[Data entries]
--

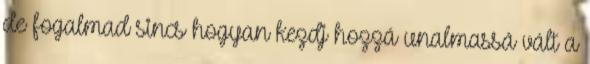
de fogalmad sincs hogyan kezdj hozzá unalmassá vált a
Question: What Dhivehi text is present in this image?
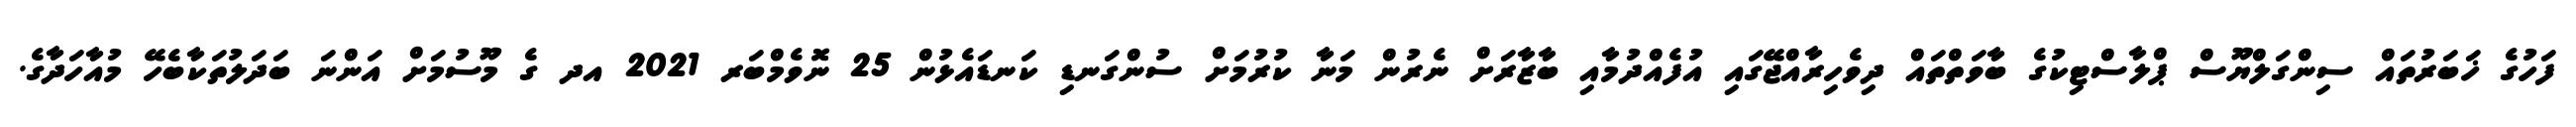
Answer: ފަހުގެ ޚަބަރުތައް ސިންގަލްޔޫސް ޕްލާސްޓިކުގެ ބާވަތްތައް ދިވެހިރާއްޖޭގައި އުފެއްދުމާއި ބާޒާރަށް ނެރުން މަނާ ކުރުމަށް ސުންގަނޑި ކަނޑައެޅުން 25 ނޮވެމްބަރ 2021 އދ ގެ މޫސުމަށް އަންނަ ބަދަލުތަކާބެހޭ މުއާހަދާގެ.
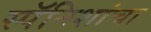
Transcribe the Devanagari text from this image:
स्पॅनिशांचा
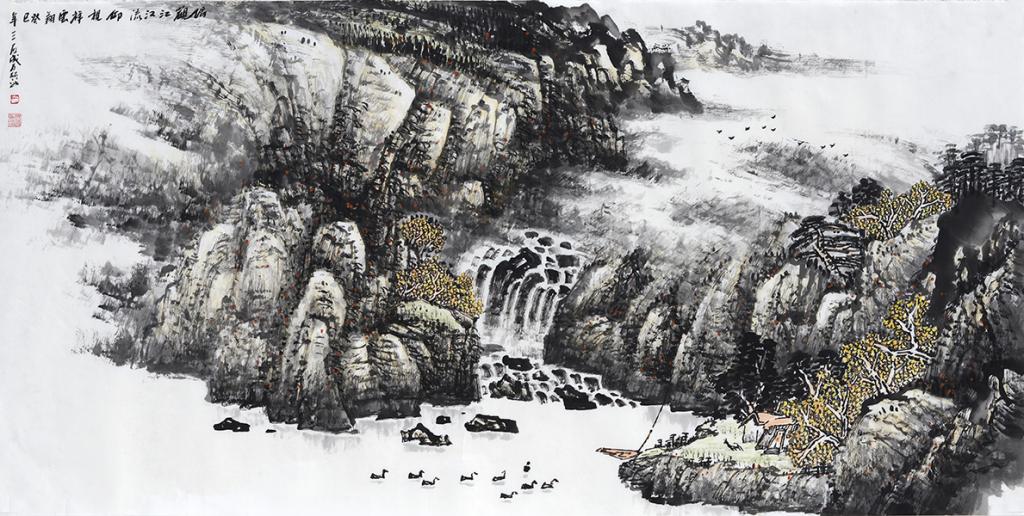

--

Omit all pictures, and repeat exactly the lines from the line containing "Question: What Dhivehi" through the end of the data.

Question: What Dhivehi text is present in this image?
Answer: ފަހުގެ ޚަބަރުތައް ސިންގަލްޔޫސް ޕްލާސްޓިކުގެ ބާވަތްތައް ދިވެހިރާއްޖޭގައި އުފެއްދުމާއި ބާޒާރަށް ނެރުން މަނާ ކުރުމަށް ސުންގަނޑި ކަނޑައެޅުން 25 ނޮވެމްބަރ 2021 އދ ގެ މޫސުމަށް އަންނަ ބަދަލުތަކާބެހޭ މުއާހަދާގެ.
Transcribe the Devanagari text from this image:
स्पॅनिशांचा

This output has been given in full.